Employee Class vtable

In the Employee class vtable, the first function pointer is set to 0 (i.e., nullptr), because function earnings is a pure virtual function and therefore lacks an implementation. The second function pointer points to function toString, which returns a string containing the employee’s full name and social security number. [Note: We’ve abbreviated the output of each toString function in this figure to conserve space.] Any class that has one or more nullptrs (represented with the value 0) in its vtable is an abstract class.
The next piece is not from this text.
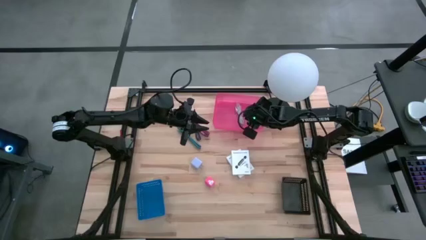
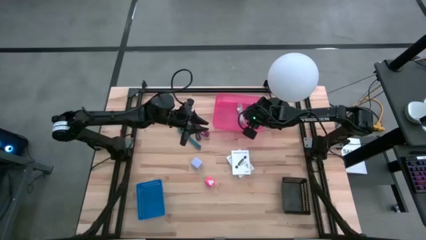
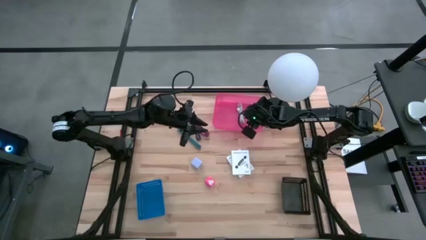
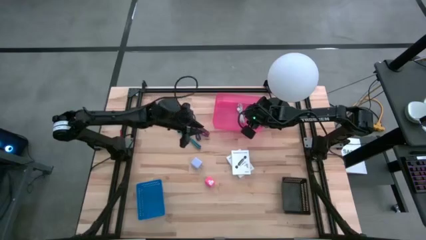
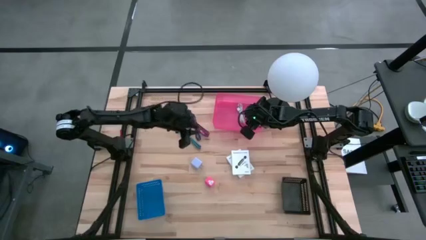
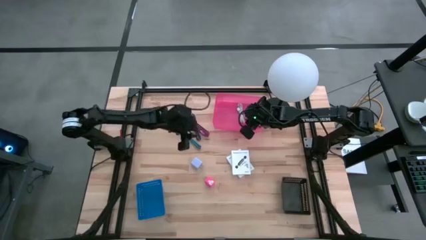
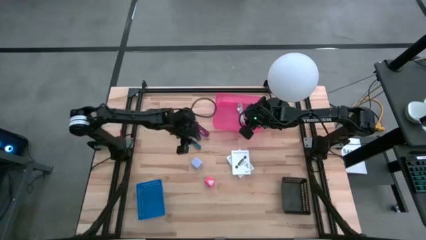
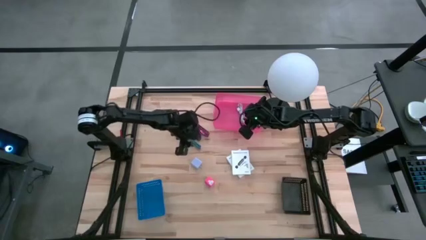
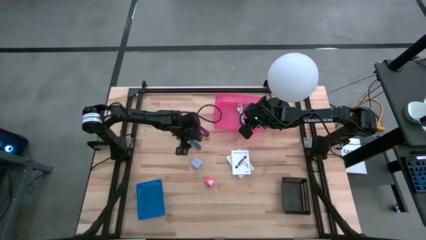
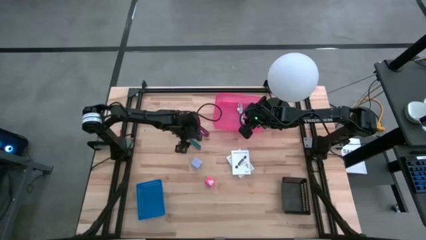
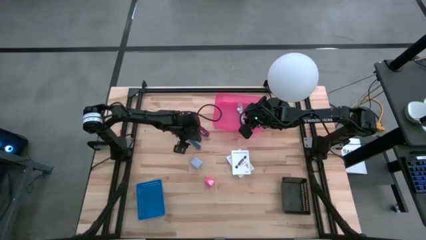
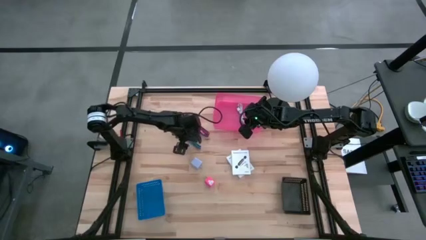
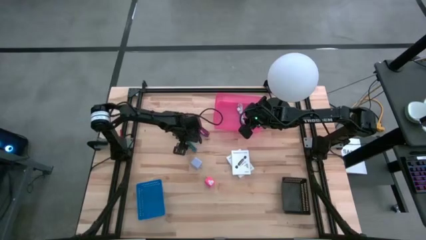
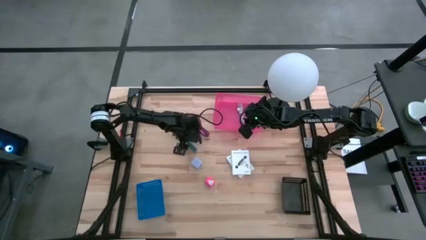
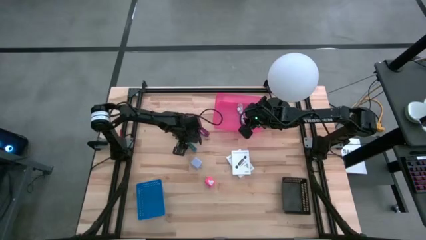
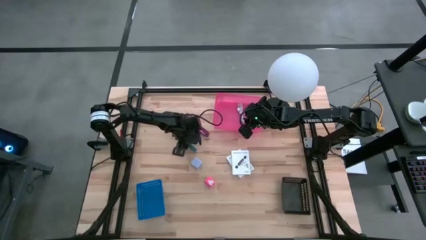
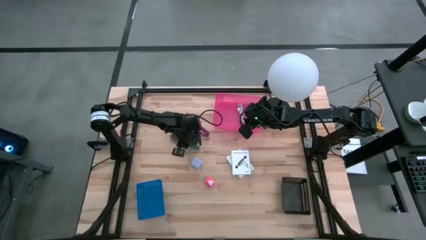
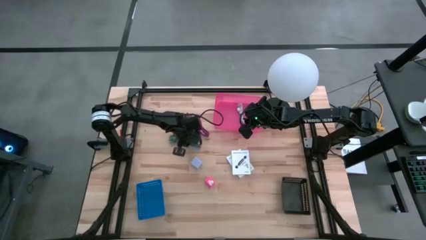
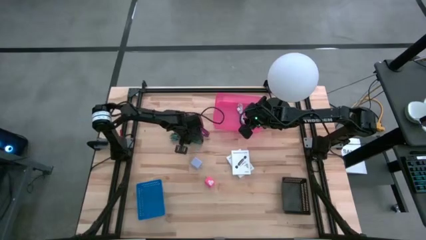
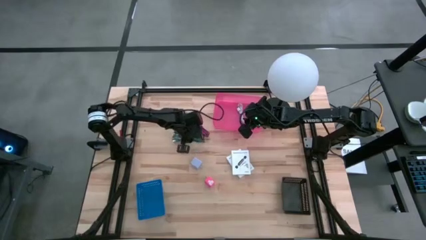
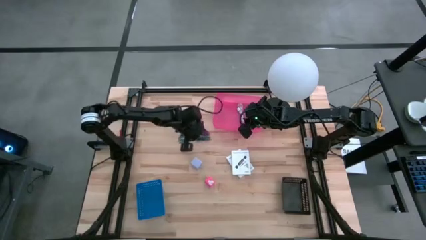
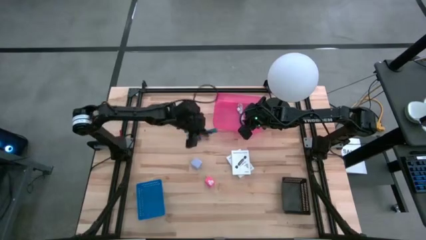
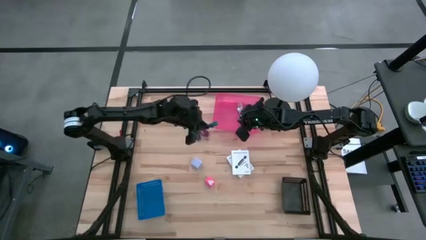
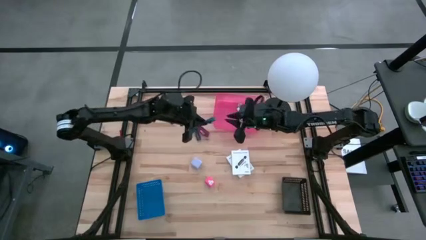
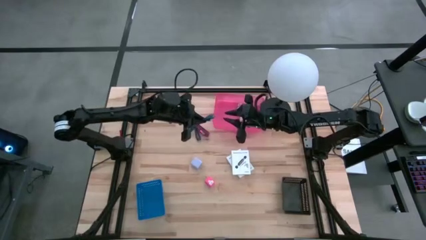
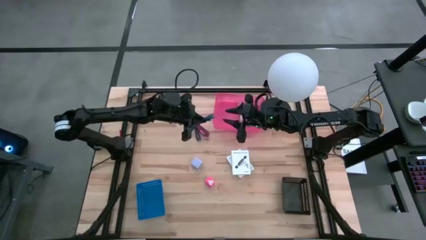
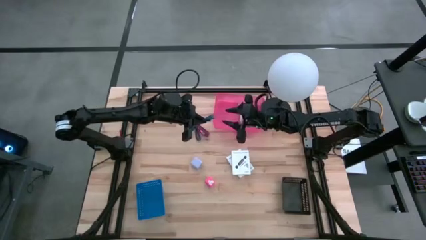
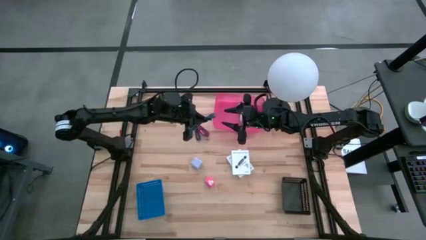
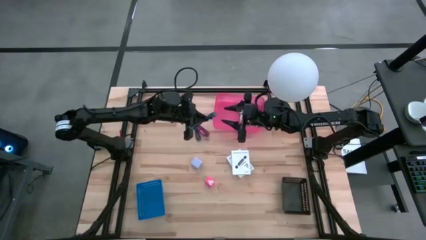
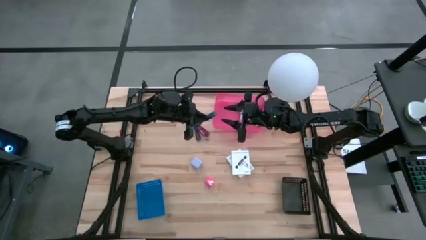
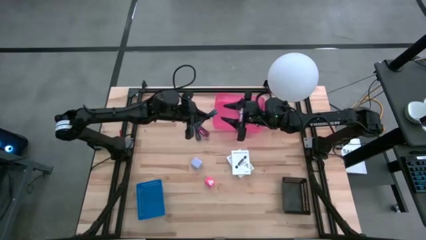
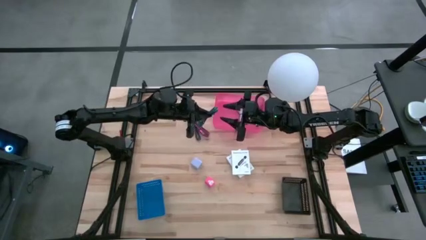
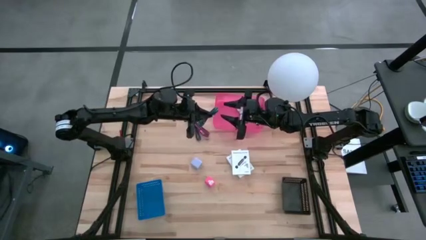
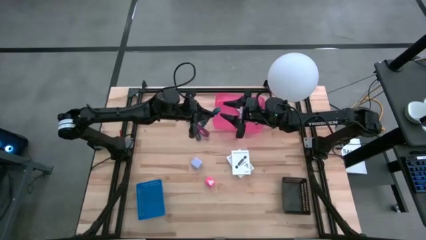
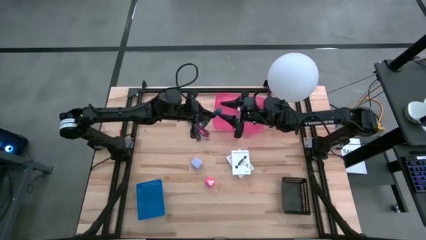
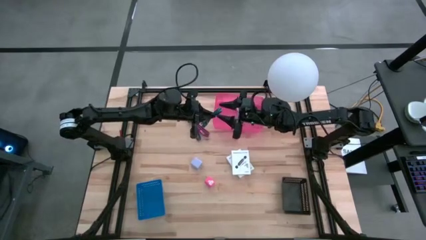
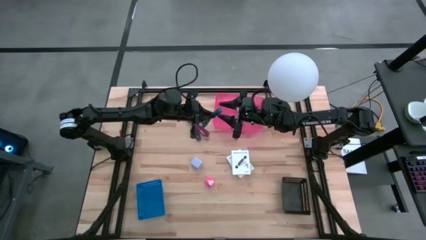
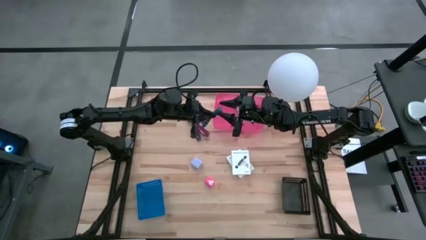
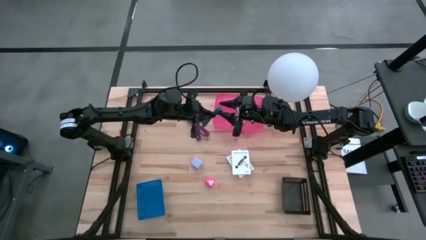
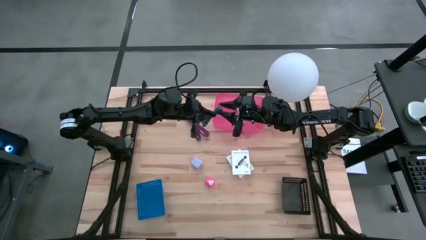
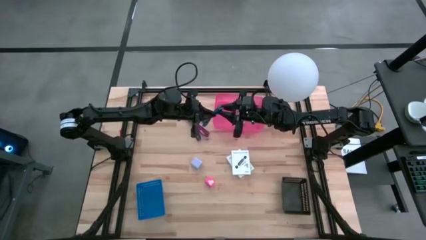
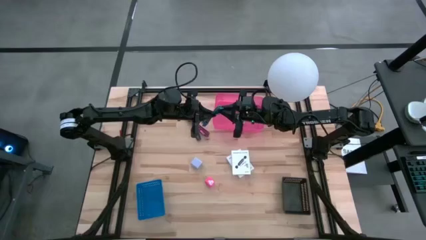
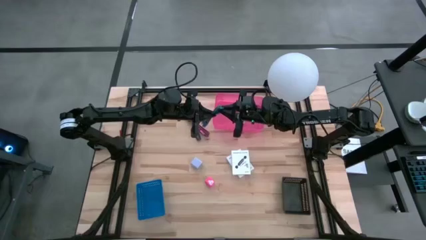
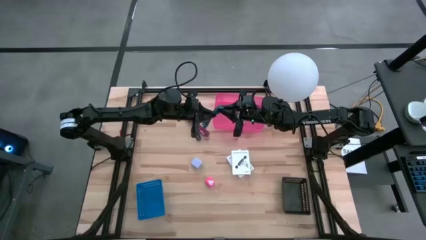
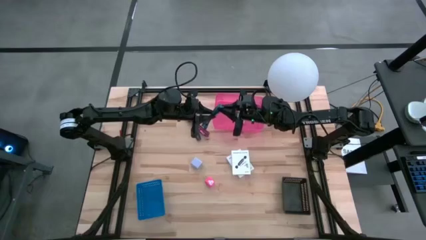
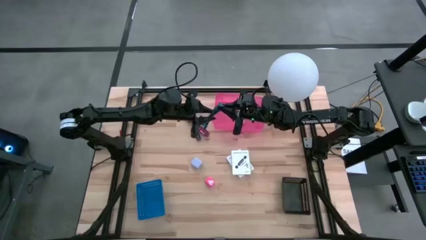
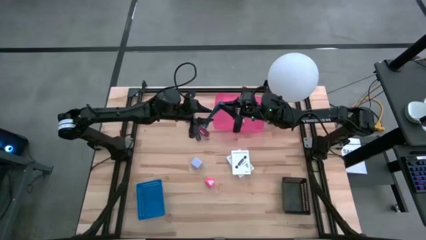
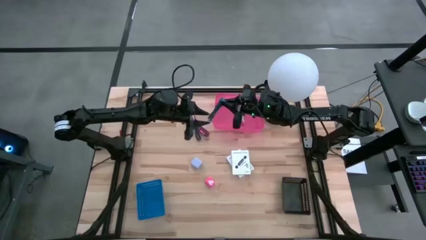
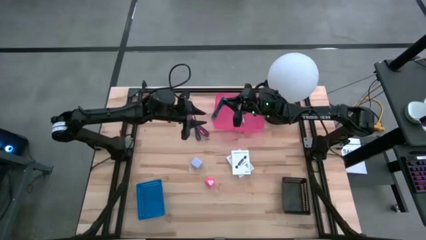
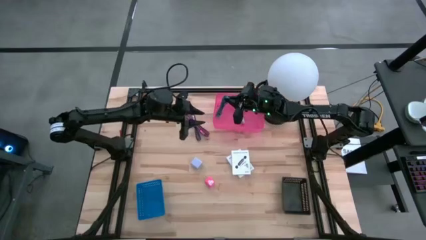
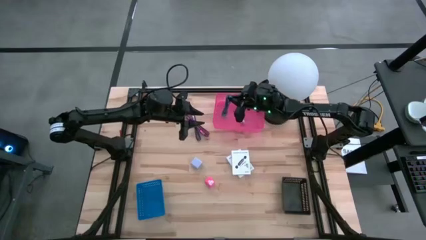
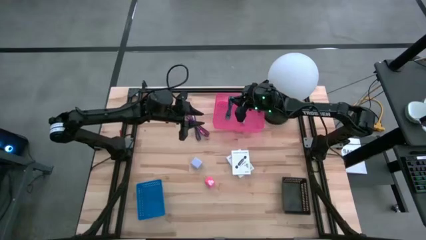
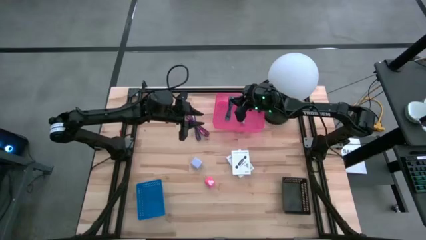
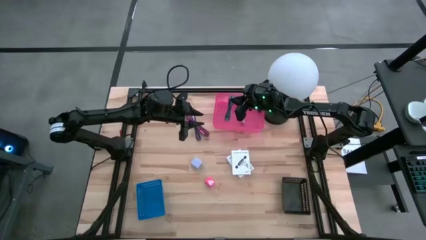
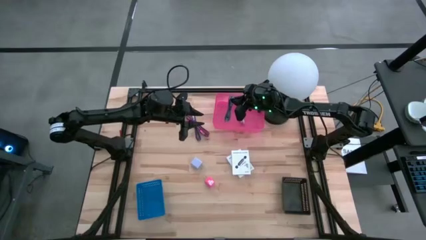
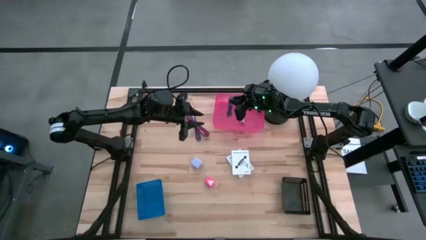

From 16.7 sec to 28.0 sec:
Task: Pick and place items into bin
Put the light blue charger cable into the pink bin

Classes without any nullptrs in their vtables (such as SalariedEmployee, CommissionEmployee and BasePlusCommissionEmployee) are concrete classes.

SalariedEmployee Class vtable

Class SalariedEmployee overrides function earnings to return the employee’s weekly salary, so the function pointer points to the earnings function of class SalariedEmployee. SalariedEmployee also overrides toString, so the corresponding function pointer points to the SalariedEmployee member function that returns "salaried employee: " followed by the employee’s name, social security number and weekly salary.
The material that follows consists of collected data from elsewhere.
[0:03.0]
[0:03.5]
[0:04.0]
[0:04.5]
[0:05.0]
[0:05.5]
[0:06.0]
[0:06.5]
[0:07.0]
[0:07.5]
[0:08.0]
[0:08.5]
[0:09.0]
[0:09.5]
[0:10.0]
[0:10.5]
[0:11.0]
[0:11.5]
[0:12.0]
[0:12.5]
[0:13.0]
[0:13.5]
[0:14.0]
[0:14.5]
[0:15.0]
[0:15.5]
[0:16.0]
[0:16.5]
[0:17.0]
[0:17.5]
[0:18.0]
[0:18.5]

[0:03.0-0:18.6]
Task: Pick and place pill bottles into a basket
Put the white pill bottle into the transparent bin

CommissionEmployee Class vtable

The earnings function pointer in the vtable for class CommissionEmployee points to the CommissionEmployee’s earnings function that returns the employee’s gross sales multiplied by the commission rate. The toString function pointer points to the CommissionEmployee version of the function, which returns the employee’s type, name, social security number, commission rate and gross sales. As in class SalariedEmployee, both functions override the functions in class Employee.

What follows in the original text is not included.